“你可还会些旁的本事?”
“不知壮士所问为何?小的师承昆仑,若是……”男子已是不自知的得意起来。
阶上之人不禁再度冷哼出声,“师承昆仑?嗬,赵家小七,当真以为我等不识你身世?”
男子瞬时瞪圆鼠目,满是不可置信之态,抬手指了指,已再不得方才肆意妄为之状,“你,你们,你们怎会……”
“休得多废话,便是直言你那使人听命的本事乃是何样的?”微一嗤笑,“奉劝阁下最好据实以告,否则……呵呵。”
男子见周遭几人竟是将那明晃晃的大刀轮了轮,即刻瘫软,“我说我说,非是旁的,不过皆是巫邪之术尔。小的外祖家祖上曾偶然施救过一名异邦巫医,为得答谢,那人便是留下一卷邪祟之术。然外家祖上并无通晓文墨之人,便是仅作家中唯一医典古籍收藏。小的自幼识过些字,却是生性惫懒不愿劳作,外祖见我这般便是疼惜我娘亲那唯一女儿,方将那藏卷予我,为得不过欲要令我可以此略通些医术,却并不知藏卷乃是所书为何。故而小的便是习了些许可看懂的骗些钱财罢了。
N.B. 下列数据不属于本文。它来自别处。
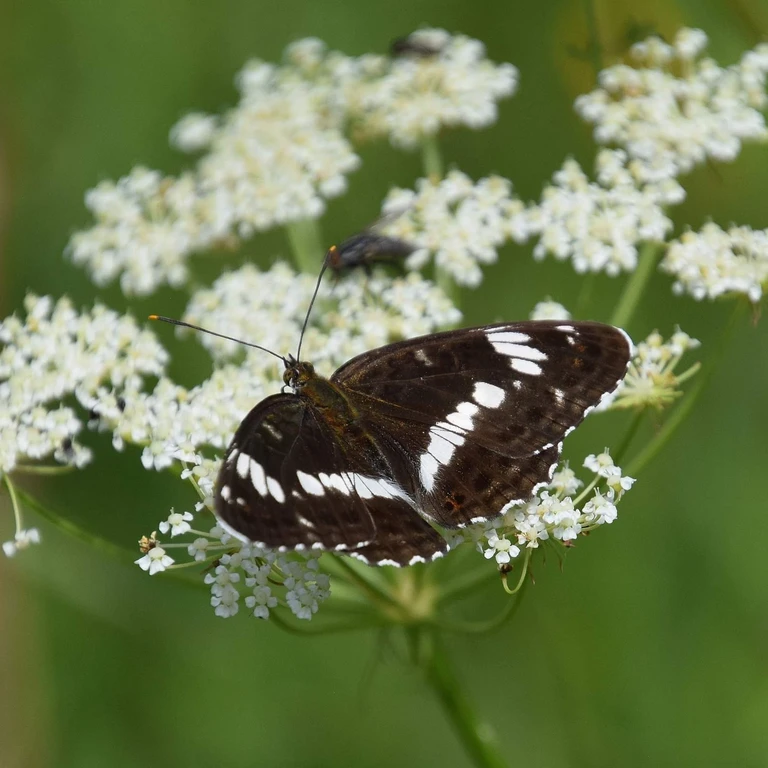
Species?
Limenitis camilla (also Ladoga camilla)

”
“那藏卷现下何处?”阶上之人身后便是一间房舍,竟是自其中传出一道女声。
男子一怔,似是受了惊吓,却是那不断滚动的眸子泄了天机。
立于阶上之人自是见了,徐徐迈步便是踱至男子身前,俯身凑上前,几近贴着他的面皮,冷笑启唇,“你要钱还是,命呢?”
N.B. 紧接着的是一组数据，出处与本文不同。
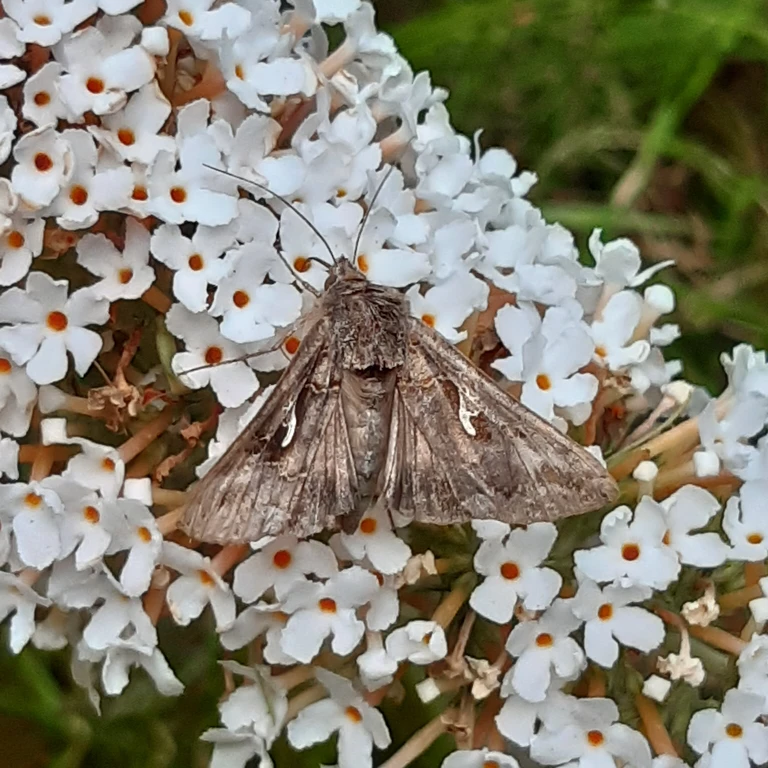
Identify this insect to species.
Autographa gamma

男子眸子即时瞪大,吓得欲要后退,却被身侧之人擒住双肩动弹不得。
“命,要命!好汉饶命啊!”
“快说!”
“是,是,那藏卷,藏卷,小的将其匿在了一处坟场之内。”
“嗬,你倒是会藏。”正面男子之人缓缓起身,朝向另几人开口道,“你二人押着他前去取回。”那眼色,自是不言而喻。
男子身后两人颔首应下,便是将男子如抓鸡般一把提起转身往院外走。
“莫大哥,我兄弟几人便可了,何需你亲自走这一趟。”冯祺带着几人正在京郊一处山坡挖土。
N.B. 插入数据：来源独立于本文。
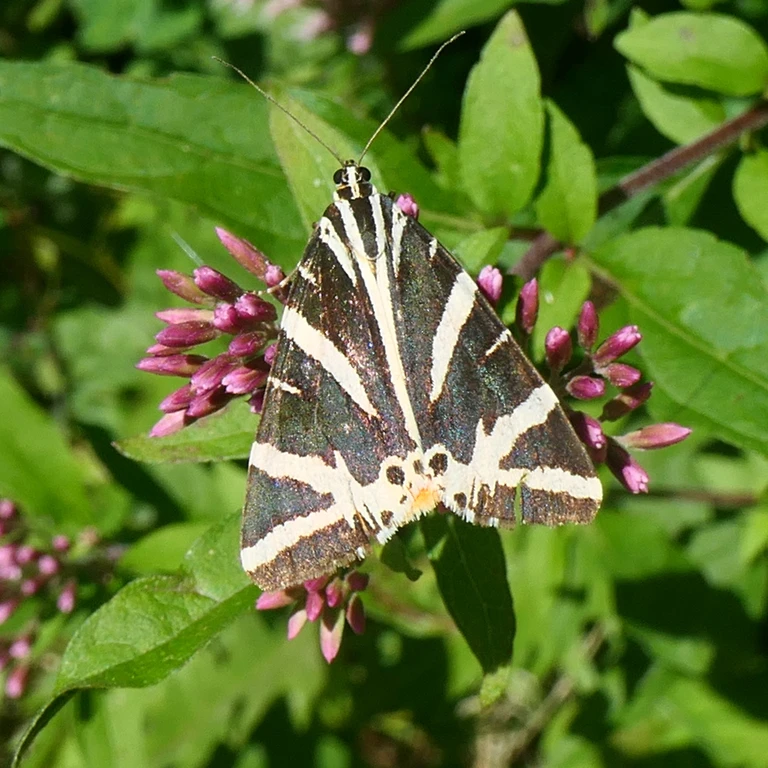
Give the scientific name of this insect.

莫达立于他几人一旁收拾着手中之物,他身侧尚有口棺椁。
“妹妹有吩咐,自是需得我处置妥帖。”含笑应了声,手里却未止下,将一块木牌擦拭干净置于了棺椁之上,又是将包裹中的香烛、供品一一取出。
冯祺几人已是停了手,近前扫了一眼便是哀叹,“姑娘当真心善至极,竟是为这敌手皆是这般周全,哎。”当目光触及那棺椁之上的木牌时不禁一惊,“咦?怎是……”指着那棺椁诧异道,“竟是个女子?”
正是,这棺中欲要安葬之人便是羽默。那日我审得顾氏之后正是欲要相告莫达的,他已是慌慌张张至了我身前,“妹妹,那,那……”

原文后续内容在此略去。